D’abord, un rappel factuel. Le projet de décret (NOR TRSD2609875D), pris en application de l’article L. 6316-3 du code du travail, actualise l’annexe qui fixe les indicateurs d’appréciation des 7 critères de qualité. Le nombre de critères ne change pas, mais le référentiel passe de 32 à 33 indicateurs, avec une entrée en vigueur prévue le 1er novembre 2026. Il s’agit à ce stade d’un projet, pas encore publié au Journal officiel, mais sa direction est claire.

Le vrai changement : de la preuve documentaire à la preuve pédagogique

Ce sujet a beaucoup circulé aujourd’hui sur LinkedIn, notamment sous la plume de ma chère consoeur Nathalie Le Ster Jenback, qui a été l’une des premières à décortiquer ce projet de décret. C’est d’ailleurs cette discussion qui m’a donné envie d’y consacrer un article complet. De mon côté, en tant qu’auditrice Qualiopi active et consultante ayant accompagné plus de 150 organismes, je vois ce mouvement se dessiner depuis un moment sur le terrain, et ce projet de décret ne fait que l’officialiser.
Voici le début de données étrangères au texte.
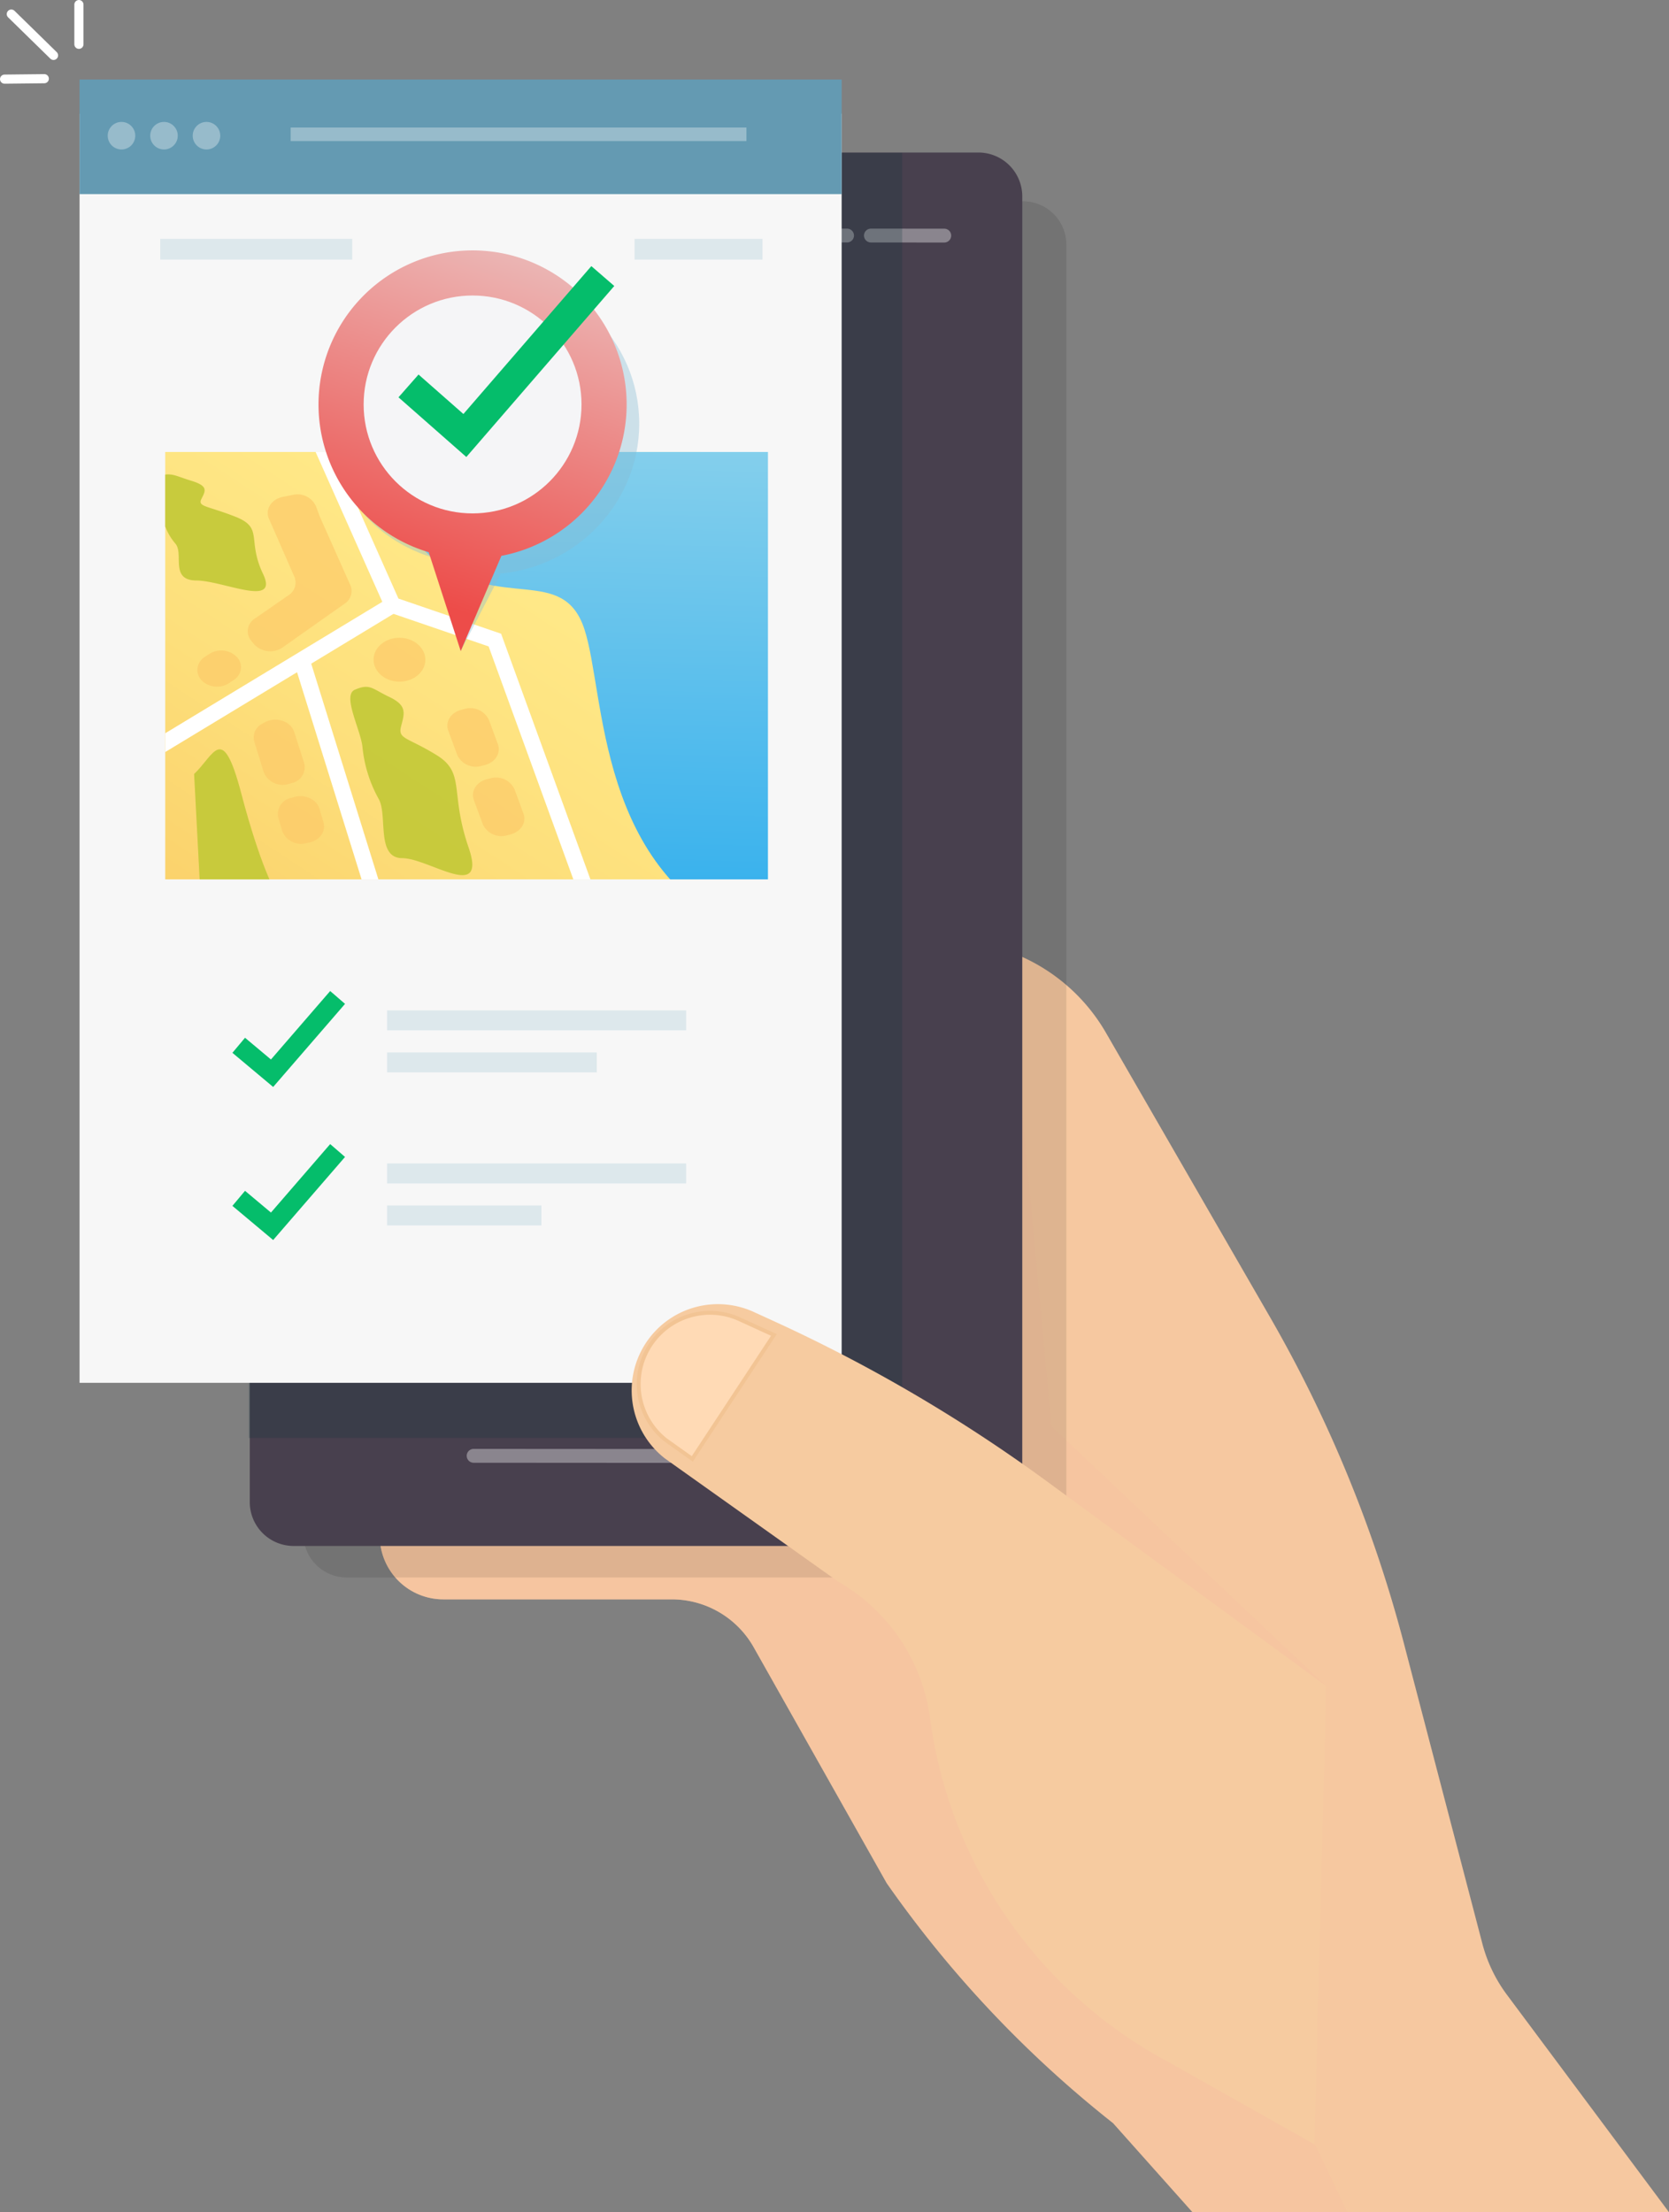 <?xml version="1.0" encoding="UTF-8"?> <svg xmlns="http://www.w3.org/2000/svg" xmlns:xlink="http://www.w3.org/1999/xlink" viewBox="0 0 338.024 447.992"><rect x="0" y="0" width="338.024" height="447.992" fill="#808080" stroke="none"/><defs><clipPath id="a"><rect x="33.463" y="91.526" width="122.071" height="86.551" transform="translate(188.998 269.602) rotate(-180)" style="fill:none"></rect></clipPath><linearGradient id="b" x1="-652.719" y1="143.439" x2="-514.306" y2="339.452" gradientTransform="matrix(0, -1.18, -1, -0.124, 246.628, -599.323)" gradientUnits="userSpaceOnUse"><stop offset="0" stop-color="#ffe887"></stop><stop offset="0.174" stop-color="#fddf7b"></stop><stop offset="0.485" stop-color="#f8c65d"></stop><stop offset="0.895" stop-color="#ef9e2b"></stop><stop offset="1" stop-color="#ed931d"></stop></linearGradient><linearGradient id="c" x1="-673.314" y1="31" x2="-669.154" y2="218.713" gradientTransform="matrix(-1.18, -0.007, -0.13, 0.999, -648.897, -30.095)" gradientUnits="userSpaceOnUse"><stop offset="0" stop-color="#cdebeb"></stop><stop offset="0.404" stop-color="#8cd2ec"></stop><stop offset="1" stop-color="#2daded"></stop></linearGradient><clipPath id="d"><rect x="51.193" y="45.891" width="84.766" height="88.769" transform="translate(187.152 180.55) rotate(-180)" style="fill:none"></rect></clipPath><linearGradient id="e" x1="106.396" y1="120.232" x2="77.694" y2="36.315" gradientTransform="matrix(-1, 0, 0, 1, 188.998, 0)" gradientUnits="userSpaceOnUse"><stop offset="0" stop-color="#ed4c49"></stop><stop offset="1" stop-color="#ebcecd"></stop></linearGradient></defs><title>track-order</title><g style="isolation:isolate"><path d="M84.989,269.217s-20.192-3.399-17.953-16.68c2.352-13.948,17.953-8.809,17.953-8.809Z" style="fill:#ebbe8f"></path><path d="M90.914,239.987s-20.04-3.34-17.953-16.68c2.186-13.975,17.953-8.809,17.953-8.809Z" style="fill:#ebbe8f"></path><path d="M338.024,447.992l-32.819-44.027a30.046,30.046,0,0,1-4.98-10.359l-15.866-60.705a268.473,268.473,0,0,0-27.21-66.29L223.994,209.151a37.35,37.35,0,0,0-17.882-15.767l-46.183-19.405,43.088,66.007-20.753,57.937h-92.265a13.089,13.089,0,0,0-13.089,13.089h0a12.874,12.874,0,0,0,12.874,12.874H136.039a19.064,19.064,0,0,1,16.606,9.699L179.577,381.341a228.918,228.918,0,0,0,45.858,48.612l16.087,18.04Z" style="fill:#f6c8a0"></path><path d="M272.895,447.992,207.933,311.929,268.6,341.446l-55.631-52.597L204.857,201.836,182.263,297.924H89.783a12.874,12.874,0,0,0-12.874,12.874v.215a12.874,12.874,0,0,0,12.874,12.874H136.039a19.064,19.064,0,0,1,16.606,9.699L179.577,381.341a228.918,228.918,0,0,0,45.858,48.612l16.087,18.04Z" style="fill:#f6c1a0;opacity:0.44;mix-blend-mode:multiply"></path><path d="M70.223,40.759h136.963a8.779,8.779,0,0,1,8.779,8.779V310.676a8.779,8.779,0,0,1-8.779,8.779H70.223a8.779,8.779,0,0,1-8.779-8.779V49.538a8.779,8.779,0,0,1,8.779-8.779Z" style="opacity:0.1;mix-blend-mode:multiply"></path><path d="M59.475,30.887H198.153a8.889,8.889,0,0,1,8.889,8.889V304.184a8.889,8.889,0,0,1-8.889,8.889H59.475a8.888,8.888,0,0,1-8.888-8.888V39.776a8.888,8.888,0,0,1,8.888-8.888Z" style="fill:#48404e"></path><path d="M60.554,38.527H197.075a2.651,2.651,0,0,1,2.651,2.651V302.782a2.651,2.651,0,0,1-2.651,2.651H60.554a2.651,2.651,0,0,1-2.651-2.651V41.177a2.651,2.651,0,0,1,2.651-2.651Z" style="fill:#48404e"></path><g style="opacity:0.36"><line x1="66.288" y1="47.63" x2="95.993" y2="47.649" style="fill:#67c6ef;stroke:#fff;stroke-linecap:round;stroke-miterlimit:10;stroke-width:2.811px"></line><line x1="95.926" y1="294.817" x2="161.544" y2="294.859" style="fill:#67c6ef;stroke:#fff;stroke-linecap:round;stroke-miterlimit:10;stroke-width:2.811px"></line><line x1="176.389" y1="47.701" x2="191.242" y2="47.711" style="fill:#67c6ef;stroke:#fff;stroke-linecap:round;stroke-miterlimit:10;stroke-width:2.811px"></line><line x1="165.636" y1="47.694" x2="171.553" y2="47.698" style="fill:#67c6ef;stroke:#fff;stroke-linecap:round;stroke-miterlimit:10;stroke-width:2.811px"></line></g><rect x="50.389" y="30.934" width="132.338" height="260.265" style="fill:#063438;opacity:0.21;mix-blend-mode:multiply"></rect><rect x="16.113" y="23.024" width="154.348" height="257.01" style="fill:#f7f7f7"></rect><rect x="16.113" y="16.11" width="154.348" height="23.198" style="fill:#649ab2"></rect><g style="opacity:0.33"><circle cx="24.606" cy="27.48" r="2.789" style="fill:#fff"></circle><circle cx="33.212" cy="27.48" r="2.789" style="fill:#fff"></circle><circle cx="41.818" cy="27.48" r="2.789" style="fill:#fff"></circle></g><line x1="60.238" y1="27.198" x2="149.803" y2="27.198" style="fill:#fff;stroke:#fff;stroke-linecap:square;stroke-miterlimit:10;stroke-width:2.747px;opacity:0.33"></line><line x1="130.616" y1="50.476" x2="152.325" y2="50.476" style="fill:#fff;stroke:#a7c8d6;stroke-linecap:square;stroke-miterlimit:10;stroke-width:4.2px;opacity:0.33"></line><line x1="34.552" y1="50.476" x2="69.241" y2="50.476" style="fill:#fff;stroke:#a7c8d6;stroke-linecap:square;stroke-miterlimit:10;stroke-width:4.2px;opacity:0.33"></line><path d="M79.264,51.547" style="fill:#fff;stroke:#a7c8d6;stroke-linecap:square;stroke-miterlimit:10;stroke-width:4.2px;opacity:0.33"></path><path d="M64.745,51.547" style="fill:#fff;stroke:#a7c8d6;stroke-linecap:square;stroke-miterlimit:10;stroke-width:4.2px;opacity:0.33"></path><polyline points="49.872 212.958 55.1 217.338 67.074 203.498" style="fill:none;stroke:#05bd6b;stroke-linecap:square;stroke-miterlimit:10;stroke-width:3.978px"></polyline><line x1="80.414" y1="206.636" x2="136.942" y2="206.636" style="fill:#fff;stroke:#a7c8d6;stroke-linecap:square;stroke-miterlimit:10;stroke-width:4.04px;opacity:0.33"></line><line x1="80.414" y1="215.146" x2="118.842" y2="215.146" style="fill:#fff;stroke:#a7c8d6;stroke-linecap:square;stroke-miterlimit:10;stroke-width:4.04px;opacity:0.33"></line><polyline points="49.872 243.953 55.1 248.334 67.074 234.494" style="fill:none;stroke:#05bd6b;stroke-linecap:square;stroke-miterlimit:10;stroke-width:3.978px"></polyline><line x1="80.414" y1="237.631" x2="136.942" y2="237.631" style="fill:#fff;stroke:#a7c8d6;stroke-linecap:square;stroke-miterlimit:10;stroke-width:4.04px;opacity:0.33"></line><line x1="80.414" y1="246.141" x2="107.631" y2="246.141" style="fill:#fff;stroke:#a7c8d6;stroke-linecap:square;stroke-miterlimit:10;stroke-width:4.04px;opacity:0.33"></line><path d="M266.22,434.249l-29.849-16.822a92.833,92.833,0,0,1-48.005-69.455l0-0a37.61,37.61,0,0,0-18.598-27.667L134.632,295.325a17.467,17.467,0,0,1-3.25-24.176h0a17.467,17.467,0,0,1,21.28-5.464l3.959,1.81a316.65,316.65,0,0,1,55.508,32.568L268.6,341.446Z" style="fill:#f6cba0"></path><path d="M134.884,291.654A14.437,14.437,0,0,1,132.205,271.678a14.506,14.506,0,0,1,11.592-5.824,14.327,14.327,0,0,1,5.996,1.308l6.947,3.176-16.528,25.104Z" style="fill:#ffdab5"></path><path d="M143.797,266.248a13.934,13.934,0,0,1,5.832,1.273l6.529,2.985-16.051,24.379-4.988-3.546a14.045,14.045,0,0,1,2.433-23.629,14.147,14.147,0,0,1,6.243-1.461m0-.788a14.829,14.829,0,0,0-11.908,5.983l0,0a14.831,14.831,0,0,0,2.76,20.527l5.669,4.03L157.323,270.171l-7.366-3.367a14.795,14.795,0,0,0-6.16-1.344Z" style="fill:#f2c494"></path><line x1="8.973" y1="15.938" x2="0.926" y2="16.026" style="fill:#6fc8ef;stroke:#fff;stroke-linecap:round;stroke-miterlimit:10;stroke-width:1.851px"></line><line x1="10.842" y1="11.218" x2="2.291" y2="2.851" style="fill:#6fc8ef;stroke:#fff;stroke-linecap:round;stroke-miterlimit:10;stroke-width:1.851px"></line><line x1="15.982" y1="8.973" x2="15.982" y2="0.926" style="fill:#6fc8ef;stroke:#fff;stroke-linecap:round;stroke-miterlimit:10;stroke-width:1.851px"></line><g style="clip-path:url(#a)"><rect x="39.22" y="79.275" width="91.902" height="112.881" transform="translate(-51.047 220.08) rotate(-89.66)" style="fill:url(#b)"></rect><path d="M79.87,82.415s-5.247,20.124,7.993,30.796,26.159,1.042,30.493,14.192,2.33,49.503,34.025,62.247c18.736,7.533,7.905-32.614,7.905-32.614l-5.126-78.151Z" style="fill:url(#c)"></path><polyline points="61.596 82.304 79.499 122.526 100.227 129.623 118.356 179.474" style="fill:none;stroke:#fff;stroke-miterlimit:10;stroke-width:3.252px"></polyline><line x1="29.875" y1="152.566" x2="79.499" y2="122.526" style="fill:none;stroke:#fff;stroke-miterlimit:10;stroke-width:3.252px"></line><line x1="61.331" y1="134.412" x2="75.479" y2="179.838" style="fill:none;stroke:#fff;stroke-miterlimit:10;stroke-width:3.252px"></line><path d="M94.057,143.579l-.677.178c-2.088.549-3.251,2.431-2.597,4.202l1.815,4.918a4.143,4.143,0,0,0,4.965,2.214l.677-.178c2.088-.549,3.251-2.431,2.597-4.202l-1.815-4.918A4.143,4.143,0,0,0,94.057,143.579Z" style="fill:#fcc867;opacity:0.66"></path><path d="M99.244,157.635l-.677.178c-2.088.549-3.251,2.431-2.597,4.202l1.815,4.918a4.143,4.143,0,0,0,4.965,2.214l.677-.178c2.088-.549,3.251-2.431,2.597-4.202l-1.815-4.918A4.143,4.143,0,0,0,99.244,157.635Z" style="fill:#fcc867;opacity:0.66"></path><path d="M59.616,161.404l-.649.18a3.303,3.303,0,0,0-2.603,3.995l.799,2.72a4.067,4.067,0,0,0,4.818,2.456l.673-.143c2.121-.451,3.404-2.274,2.867-4.073l-.823-2.757C64.134,161.892,61.798,160.799,59.616,161.404Z" style="fill:#fcc867;opacity:0.66"></path><path d="M53.575,146.297l-.436.244a3.126,3.126,0,0,0-1.641,3.65l1.927,6.205a4.116,4.116,0,0,0,5.086,2.343l.526-.147a3.291,3.291,0,0,0,2.569-4.059L59.589,148.231C58.881,146.018,55.827,145.036,53.575,146.297Z" style="fill:#fcc867;opacity:0.66"></path><path d="M64.82,104.73l6.132,13.766a3.037,3.037,0,0,1-1.166,3.763L57.236,131.114a4.441,4.441,0,0,1-5.762-.637l-.561-.666a3.018,3.018,0,0,1,.709-4.55l6.792-4.705a3.043,3.043,0,0,0,1.201-3.765L54.474,105.056c-.829-1.893.481-3.969,2.796-4.431l2.019-.402a4.107,4.107,0,0,1,4.698,2.273l.759,2.052Q64.779,104.64,64.82,104.73Z" style="fill:#fcc867;opacity:0.66"></path><ellipse cx="80.902" cy="133.597" rx="4.444" ry="5.242" transform="translate(-53.192 213.673) rotate(-89.646)" style="fill:#fcc867;opacity:0.66"></ellipse><path d="M71.881,139.67c-2.605,1.112,1.048,7.827,1.52,11.502A26.952,26.952,0,0,0,76.658,161.724c1.939,3.261-.604,12.032,4.829,12.065s17.266,9.013,13.406-2.204-.549-15.031-6.494-18.686-7.861-3.186-7.165-5.829,1.235-4.205-2.346-5.912S74.937,138.365,71.881,139.67Z" style="fill:#c3c938;opacity:0.92"></path><path d="M31.804,96.425c-2.659.682.669,4.844.962,7.118a11.657,11.657,0,0,0,2.746,6.535c1.782,2.022-1.188,7.441,4.245,7.475s16.834,5.616,13.517-1.332.18-9.299-5.589-11.575-7.709-1.989-6.884-3.623,1.44-2.598-2.06-3.663S34.925,95.625,31.804,96.425Z" style="fill:#c3c938;opacity:0.92"></path><path d="M47.306,137.722l-.9.603c-2.603,1.743-6.438.154-6.424-2.662l0-.029a3.209,3.209,0,0,1,1.574-2.662l.9-.574a4.435,4.435,0,0,1,5.64.776h0A3.023,3.023,0,0,1,47.306,137.722Z" style="fill:#fcc867;opacity:0.66"></path><path d="M39.312,156.735c4.086-3.799,5.707-10.683,9.543,3.907s6.825,19.786,6.825,19.786l-15.069,1.031Z" style="fill:#c3c938;opacity:0.92"></path></g><g style="clip-path:url(#d)"><path d="M98.261,55.264c-17.233,0-31.203,13.666-31.203,30.524,0,14.132,9.142,24.222,22.468,27.698l3.783,18.36,8.074-15.565c.313.009-3.438.031-3.123.031,17.233,0,31.203-13.666,31.203-30.524S115.494,55.264,98.261,55.264Z" style="fill:#88bcd3;opacity:0.38;mix-blend-mode:multiply"></path></g><path d="M64.508,81.906a31.203,31.203,0,1,1,37.03,30.657l.009 0-8.237,19.283L86.827,111.826l.009 0A31.215,31.215,0,0,1,64.508,81.906Z" style="fill:url(#e)"></path><circle cx="95.711" cy="81.906" r="22.064" style="fill:#f5f5f7"></circle><polyline points="85.043 80.183 94.149 88.193 120.077 58.226" style="fill:none;stroke:#05bd6b;stroke-linecap:square;stroke-miterlimit:10;stroke-width:6.145px"></polyline></g></svg>

Jusqu’à présent, un audit Qualiopi ressemblait beaucoup à une vérification de conformité : avez-vous une procédure écrite, l’appliquez-vous, pouvez-vous le prouver avec un document daté ? C’est ce que j’appelle la logique du dossier bien rangé. Avec cette réforme, l’auditeur va chercher autre chose : est-ce que ce que vous mettez en place a un effet réel sur les apprenants ? Autrement dit, on passe d’une logique de conformité administrative à une logique de résultat pédagogique. Concrètement, cela veut dire qu’un organisme qui a d’excellents classeurs de preuves mais des formations peu suivies ou mal évaluées va devenir plus vulnérable en audit qu’aujourd’hui.

Qui est concerné : tous les organismes de formation certifiés ou en cours de certification Qualiopi, avec des exigences renforcées spécifiquement pour les CFA.

À mettre en œuvre : commencez dès cet été à relire votre communication et vos pratiques d’évaluation à la lumière de cette nouvelle exigence de crédibilité pédagogique, plutôt que d’attendre l’automne.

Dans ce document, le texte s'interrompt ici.